Così la postina, o come si diceva allora, la procaccia Ines Matteoni iniziò la sua lunga fatica che consisteva nel coprire a piedi, ogni giorno, il tragitto da Torri a Treppio e viceversa: otto chilometri fra le due località, più tre chilometri da Torri alla Torraccia dove Ines abitava.

Più di venti chilometri giornalieri per portare la posta, cioè svariati chili di lettere e pacchi. Un lavoro duro che continuò fino alla pensione nel 1955.
Per comprendere le difficoltà del servizio, è molto utile la lettura di un altro documento datato 20 gennaio 1943.
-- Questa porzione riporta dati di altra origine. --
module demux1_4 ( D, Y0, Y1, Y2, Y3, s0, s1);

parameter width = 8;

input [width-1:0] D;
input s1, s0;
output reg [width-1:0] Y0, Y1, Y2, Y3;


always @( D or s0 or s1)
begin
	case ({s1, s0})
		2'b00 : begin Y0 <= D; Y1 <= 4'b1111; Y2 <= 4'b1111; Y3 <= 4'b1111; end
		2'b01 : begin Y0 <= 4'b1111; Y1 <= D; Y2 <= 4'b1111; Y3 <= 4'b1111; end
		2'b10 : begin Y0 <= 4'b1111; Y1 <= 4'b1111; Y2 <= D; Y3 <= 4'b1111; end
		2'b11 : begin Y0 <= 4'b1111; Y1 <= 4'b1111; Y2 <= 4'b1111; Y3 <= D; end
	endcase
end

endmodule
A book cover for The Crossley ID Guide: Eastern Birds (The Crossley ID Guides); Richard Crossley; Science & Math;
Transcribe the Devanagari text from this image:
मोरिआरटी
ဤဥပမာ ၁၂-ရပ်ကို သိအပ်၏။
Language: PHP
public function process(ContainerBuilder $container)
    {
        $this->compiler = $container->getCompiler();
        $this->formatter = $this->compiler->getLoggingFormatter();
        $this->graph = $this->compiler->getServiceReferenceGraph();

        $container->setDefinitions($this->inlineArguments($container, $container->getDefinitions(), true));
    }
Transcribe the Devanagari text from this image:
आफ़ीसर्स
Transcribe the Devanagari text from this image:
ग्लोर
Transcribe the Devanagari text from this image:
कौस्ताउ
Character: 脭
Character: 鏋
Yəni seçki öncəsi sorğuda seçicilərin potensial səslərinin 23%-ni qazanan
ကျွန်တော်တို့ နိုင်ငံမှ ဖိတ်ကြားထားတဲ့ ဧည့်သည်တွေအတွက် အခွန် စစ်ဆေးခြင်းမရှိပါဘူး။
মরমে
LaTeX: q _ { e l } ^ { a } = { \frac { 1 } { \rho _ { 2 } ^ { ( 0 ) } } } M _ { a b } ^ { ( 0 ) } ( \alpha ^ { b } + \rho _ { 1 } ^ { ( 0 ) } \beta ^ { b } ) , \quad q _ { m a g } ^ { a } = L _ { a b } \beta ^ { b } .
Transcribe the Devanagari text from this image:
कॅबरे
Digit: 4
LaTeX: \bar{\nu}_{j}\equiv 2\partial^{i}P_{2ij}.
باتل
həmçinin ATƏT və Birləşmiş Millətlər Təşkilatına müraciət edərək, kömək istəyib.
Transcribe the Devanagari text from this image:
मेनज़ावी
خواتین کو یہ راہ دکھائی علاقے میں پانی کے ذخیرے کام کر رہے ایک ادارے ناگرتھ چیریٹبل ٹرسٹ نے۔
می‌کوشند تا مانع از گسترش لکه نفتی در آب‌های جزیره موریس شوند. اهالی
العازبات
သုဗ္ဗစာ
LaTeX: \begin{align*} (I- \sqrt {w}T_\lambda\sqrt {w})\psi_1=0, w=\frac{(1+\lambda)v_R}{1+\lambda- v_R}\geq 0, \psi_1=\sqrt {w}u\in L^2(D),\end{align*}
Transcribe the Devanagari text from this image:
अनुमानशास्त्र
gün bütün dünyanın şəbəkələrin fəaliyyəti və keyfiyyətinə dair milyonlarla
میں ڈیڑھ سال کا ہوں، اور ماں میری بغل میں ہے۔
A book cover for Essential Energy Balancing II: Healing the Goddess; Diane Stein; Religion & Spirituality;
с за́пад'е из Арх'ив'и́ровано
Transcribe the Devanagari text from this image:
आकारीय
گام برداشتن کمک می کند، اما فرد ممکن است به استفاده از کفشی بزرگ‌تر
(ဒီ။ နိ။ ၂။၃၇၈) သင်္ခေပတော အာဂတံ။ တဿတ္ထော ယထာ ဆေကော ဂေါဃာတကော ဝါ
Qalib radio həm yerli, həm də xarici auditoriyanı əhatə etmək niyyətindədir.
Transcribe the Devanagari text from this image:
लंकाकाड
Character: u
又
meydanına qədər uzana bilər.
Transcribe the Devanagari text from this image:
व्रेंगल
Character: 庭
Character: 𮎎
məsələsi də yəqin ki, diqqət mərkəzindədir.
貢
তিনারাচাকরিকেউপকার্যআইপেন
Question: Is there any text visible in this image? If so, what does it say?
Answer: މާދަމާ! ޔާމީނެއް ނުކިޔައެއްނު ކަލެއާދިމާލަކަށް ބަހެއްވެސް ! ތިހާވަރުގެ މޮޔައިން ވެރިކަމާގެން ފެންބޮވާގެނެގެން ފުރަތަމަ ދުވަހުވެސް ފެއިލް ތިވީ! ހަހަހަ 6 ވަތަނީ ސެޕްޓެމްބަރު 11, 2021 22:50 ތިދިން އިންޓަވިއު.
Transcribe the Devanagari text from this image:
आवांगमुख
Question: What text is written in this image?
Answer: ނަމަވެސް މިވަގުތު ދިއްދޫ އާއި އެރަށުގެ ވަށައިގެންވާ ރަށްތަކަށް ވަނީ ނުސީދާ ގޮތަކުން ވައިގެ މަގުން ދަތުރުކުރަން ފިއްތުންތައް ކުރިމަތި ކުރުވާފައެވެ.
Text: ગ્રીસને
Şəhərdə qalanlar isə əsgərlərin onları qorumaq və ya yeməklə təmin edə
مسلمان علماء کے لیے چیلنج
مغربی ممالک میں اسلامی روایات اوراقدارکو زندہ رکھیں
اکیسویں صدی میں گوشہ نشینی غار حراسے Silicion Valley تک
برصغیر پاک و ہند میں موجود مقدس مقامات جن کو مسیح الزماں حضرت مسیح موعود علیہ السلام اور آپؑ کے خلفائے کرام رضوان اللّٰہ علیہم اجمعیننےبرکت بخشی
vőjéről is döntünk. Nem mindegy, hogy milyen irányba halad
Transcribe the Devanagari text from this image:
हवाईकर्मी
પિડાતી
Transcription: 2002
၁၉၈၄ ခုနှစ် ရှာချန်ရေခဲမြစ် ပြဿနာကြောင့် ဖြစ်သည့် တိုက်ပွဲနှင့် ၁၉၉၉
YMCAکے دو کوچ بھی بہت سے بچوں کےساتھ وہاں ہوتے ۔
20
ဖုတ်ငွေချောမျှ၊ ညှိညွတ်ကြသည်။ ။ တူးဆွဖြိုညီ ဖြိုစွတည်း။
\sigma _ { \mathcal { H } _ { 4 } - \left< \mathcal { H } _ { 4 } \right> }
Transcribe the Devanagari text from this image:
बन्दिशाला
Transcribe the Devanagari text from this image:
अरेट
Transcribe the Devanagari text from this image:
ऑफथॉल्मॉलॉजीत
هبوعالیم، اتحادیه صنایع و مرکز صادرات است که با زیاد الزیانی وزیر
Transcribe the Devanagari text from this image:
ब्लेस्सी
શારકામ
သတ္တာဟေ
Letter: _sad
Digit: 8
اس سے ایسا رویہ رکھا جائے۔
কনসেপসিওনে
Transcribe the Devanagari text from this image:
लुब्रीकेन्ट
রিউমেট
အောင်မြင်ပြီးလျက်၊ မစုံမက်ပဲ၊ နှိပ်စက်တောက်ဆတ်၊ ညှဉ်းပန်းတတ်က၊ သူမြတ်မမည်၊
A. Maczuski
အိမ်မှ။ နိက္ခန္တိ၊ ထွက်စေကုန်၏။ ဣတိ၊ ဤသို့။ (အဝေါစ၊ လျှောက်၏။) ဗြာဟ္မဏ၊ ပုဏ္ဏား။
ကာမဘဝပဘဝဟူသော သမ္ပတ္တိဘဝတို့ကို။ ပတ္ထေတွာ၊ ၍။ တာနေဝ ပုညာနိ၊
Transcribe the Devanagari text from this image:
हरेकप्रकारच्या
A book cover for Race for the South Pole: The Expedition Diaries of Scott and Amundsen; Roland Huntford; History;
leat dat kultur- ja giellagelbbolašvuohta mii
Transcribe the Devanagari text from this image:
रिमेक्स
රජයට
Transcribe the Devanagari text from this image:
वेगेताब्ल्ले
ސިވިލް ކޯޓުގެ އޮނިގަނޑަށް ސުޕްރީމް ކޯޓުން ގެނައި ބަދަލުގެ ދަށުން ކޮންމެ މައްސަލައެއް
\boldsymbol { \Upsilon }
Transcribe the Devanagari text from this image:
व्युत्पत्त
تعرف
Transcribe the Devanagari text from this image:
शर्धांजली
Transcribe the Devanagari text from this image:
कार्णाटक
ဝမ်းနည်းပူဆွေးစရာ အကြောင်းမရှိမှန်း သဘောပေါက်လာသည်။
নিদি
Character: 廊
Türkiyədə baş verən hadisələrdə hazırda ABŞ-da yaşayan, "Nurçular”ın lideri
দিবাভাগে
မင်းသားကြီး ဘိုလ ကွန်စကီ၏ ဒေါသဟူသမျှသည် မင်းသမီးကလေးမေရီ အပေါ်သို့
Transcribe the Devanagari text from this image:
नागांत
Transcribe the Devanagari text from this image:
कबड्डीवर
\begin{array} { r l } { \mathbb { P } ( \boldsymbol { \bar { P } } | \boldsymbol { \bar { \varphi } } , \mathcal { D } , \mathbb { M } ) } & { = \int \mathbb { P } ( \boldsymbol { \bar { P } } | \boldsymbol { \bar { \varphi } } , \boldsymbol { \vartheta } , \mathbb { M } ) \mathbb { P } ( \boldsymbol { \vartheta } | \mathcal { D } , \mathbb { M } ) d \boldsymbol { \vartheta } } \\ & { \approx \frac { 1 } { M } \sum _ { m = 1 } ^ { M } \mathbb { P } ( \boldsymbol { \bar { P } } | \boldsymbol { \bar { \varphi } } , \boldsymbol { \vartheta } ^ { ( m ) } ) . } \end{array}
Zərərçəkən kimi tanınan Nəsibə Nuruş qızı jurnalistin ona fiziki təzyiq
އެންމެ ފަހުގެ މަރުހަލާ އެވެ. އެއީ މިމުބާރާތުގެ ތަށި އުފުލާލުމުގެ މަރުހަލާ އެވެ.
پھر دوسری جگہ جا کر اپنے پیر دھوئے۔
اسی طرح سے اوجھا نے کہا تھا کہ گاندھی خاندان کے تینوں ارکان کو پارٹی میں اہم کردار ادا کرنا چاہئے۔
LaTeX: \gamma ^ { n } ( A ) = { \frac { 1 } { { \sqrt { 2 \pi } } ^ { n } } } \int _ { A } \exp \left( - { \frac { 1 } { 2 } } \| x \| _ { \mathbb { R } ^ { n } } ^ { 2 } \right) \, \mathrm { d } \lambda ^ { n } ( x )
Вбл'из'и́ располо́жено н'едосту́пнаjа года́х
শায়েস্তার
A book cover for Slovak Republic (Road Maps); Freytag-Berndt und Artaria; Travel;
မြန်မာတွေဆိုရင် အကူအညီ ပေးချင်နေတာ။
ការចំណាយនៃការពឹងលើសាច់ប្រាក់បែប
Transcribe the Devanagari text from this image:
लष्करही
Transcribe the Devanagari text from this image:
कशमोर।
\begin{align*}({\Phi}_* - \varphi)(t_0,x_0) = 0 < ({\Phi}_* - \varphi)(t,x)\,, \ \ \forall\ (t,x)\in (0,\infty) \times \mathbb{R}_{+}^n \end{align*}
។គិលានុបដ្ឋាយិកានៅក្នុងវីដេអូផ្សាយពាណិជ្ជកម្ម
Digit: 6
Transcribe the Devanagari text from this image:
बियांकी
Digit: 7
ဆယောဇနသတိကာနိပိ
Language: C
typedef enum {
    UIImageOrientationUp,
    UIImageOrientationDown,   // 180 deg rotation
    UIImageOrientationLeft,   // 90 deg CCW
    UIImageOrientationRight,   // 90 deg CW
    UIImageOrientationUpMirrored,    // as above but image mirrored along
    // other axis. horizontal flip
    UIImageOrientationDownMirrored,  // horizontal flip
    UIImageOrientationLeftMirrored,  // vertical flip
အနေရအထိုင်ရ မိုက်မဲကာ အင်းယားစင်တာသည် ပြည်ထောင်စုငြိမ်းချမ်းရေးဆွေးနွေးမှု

Si tratta di una Obbligazione personale per il trasporto dei dispacci e dei pacchi postali sottoscritta da Ines Matteoni e dal titolare dell’ufficio postale di Treppio, Silla Butelli.

Apprendiamo dunque che:

(art.1) la procaccia era obbligata ai due viaggi giornalieri, uno in andata e uno in ritorno, entro il termine che sarà fissato dall’amministrazione la quale potrà variarlo in ogni tempo. Ella doveva portare agli uffici, collettorie e persone incaricate:

a) i dispacci e i sacchi contenenti corrispondenze ordinarie, raccomandate e con valore dichiarato, nonché gli altri oggetti che le saranno affidati dall’Amministrazione;

b) i pacchi postali ordinari, quelli gravati di assegno e quelli con dichiarazione di valore; ma ciò che più ci colpisce è il fatto che il servizio doveva essere svolto per pacchi senza limitazioni di numero, sciolti o inclusi in sacchi di qualsiasi peso unitario provenienti dall’Italia e dall’estero.

Quel di qualsiasi peso unitario fa molto pensare alle difficoltà di un lavoro in quei tempi davvero duro e gravoso.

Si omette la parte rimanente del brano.